Georgia Bulletin

The Newspaper of the Catholic Archdiocese of Atlanta

Atlanta

Western Music Grounded In Gregorian Chant

Published May 19, 2005

The Second Vatican Council recognized Gregorian chant as being especially suited to the Roman liturgy and other things being equal, said it should be given pride of place in the liturgy.

Albert Ahlstrom, Ph.D., director of music at Holy Spirit Church, Atlanta, said that Gregorian chant is actually the foundation not only of all Catholic music but all music known in the Western world.

Chant is a musical setting of liturgical text that in its purest form involves pure melody with no accompaniment and uses a system of different scale patterns with different modes and connotations.

Chant developed as an oral tradition of singing liturgical text, principally the Psalms, in early Christian communities around the world to help the faithful experience the eternal mystery of faith.

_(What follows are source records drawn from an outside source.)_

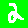
Digit: 2
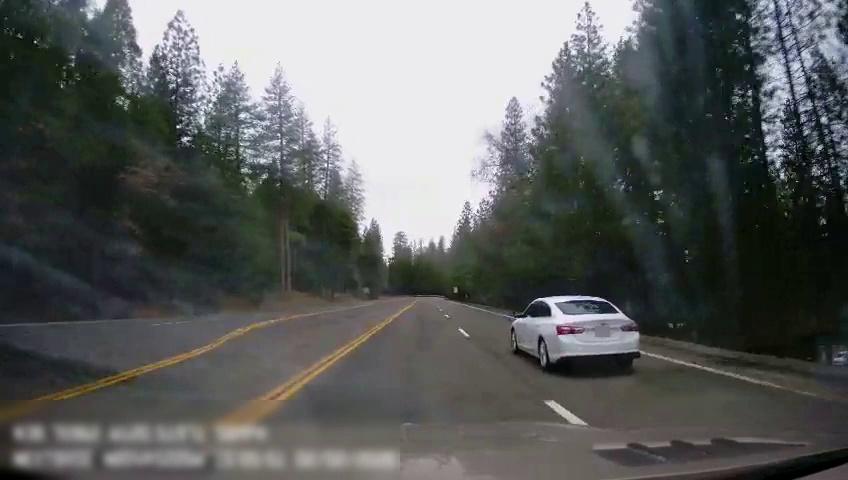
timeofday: Day
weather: Cloudy
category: Drivable Space
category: Vehicles | Car
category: Lanes | Opposite Lane
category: Lanes | Opposite Lane
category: Lanes | Alternate Lane
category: Lanes | Opposite Lane
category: Lanes | Current Lane
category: Lanes | Current Lane

It is believed to have derived from the temple music of Israel and other sources, a matter subject to debate.

Gregorian chant takes its name from Pope St. Gregory the Great, who organized the oral chants into a repository and had them disseminated throughout the Roman Catholic world in the sixth century.

In the ninth and 10th centuries, monasteries in large part began developing a system of notation for the chants beginning with neumes and then moving to pitch notation with staffs. It was the beginning of composition.

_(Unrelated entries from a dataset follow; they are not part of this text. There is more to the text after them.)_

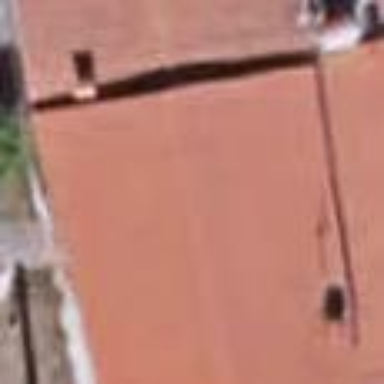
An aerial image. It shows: Simple and straightforward house.
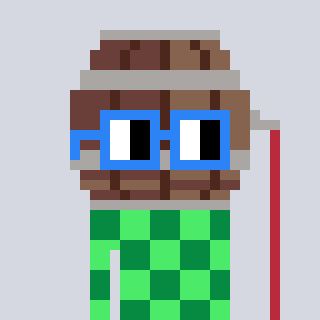
a pixel art character with square blue glasses, a wine barrel-shaped head and a teal-colored body on a cool background
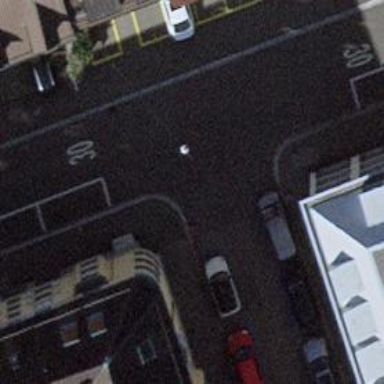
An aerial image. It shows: Kerb barrier.
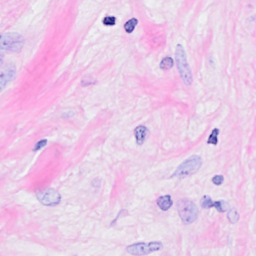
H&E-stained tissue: Breast

“It was a major breakthrough. It shaped all Western music. We have a scale that uses eight tones—it was because of notation of chant that that happened, and fixed pitch. The thinking became about chords and harmonies because of all the chants in the monastic tradition,” said Ahlstrom. “Gregorian chant over the centuries developed a vocabulary that was specifically designed to convey the deepest meanings of the texts that we use daily in our liturgies.”

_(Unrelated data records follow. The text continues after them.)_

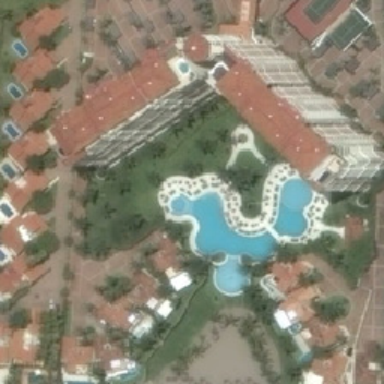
The resort has a large swimming pool .
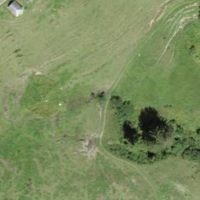
EUNIS habitat code: 26
Species observed at this site:
Rumex alpinus
Caltha palustris
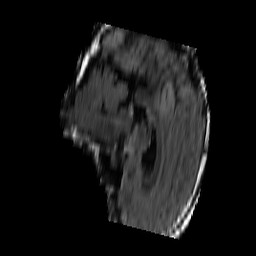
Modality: FLAIR
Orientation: sagittal
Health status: ill
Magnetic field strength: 3 T
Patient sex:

“Chant is fascinating study; it is not realized how wide the number of sources for this music is, how some of it was actually composed by leading composers of the Middle Ages, and overall the incredible amount of theoretical and spiritual thinking (that) has gone into the selection of the music that we now call Gregorian chant. It is truly the culmination of the work of many centuries in most of Europe and parts of the Middle East. A knowledge of chant also helps unlock a deeper understanding of most Western classical music since most composers were grounded in this music.”

This music director has also found a meditative effect of chant.

“The deep group breathing and singing of long resonating lines of music creates an effect of physical and spiritual calm that I suspect is somewhat like the process of Buddhists chanting ‘Ohm,’” he said. “For choir directors it is wonderful because choirs are always working on uniformity of vowel production and precision of attacks and cutoffs, and this is the very essence of chant, the individual as a part of a larger group.”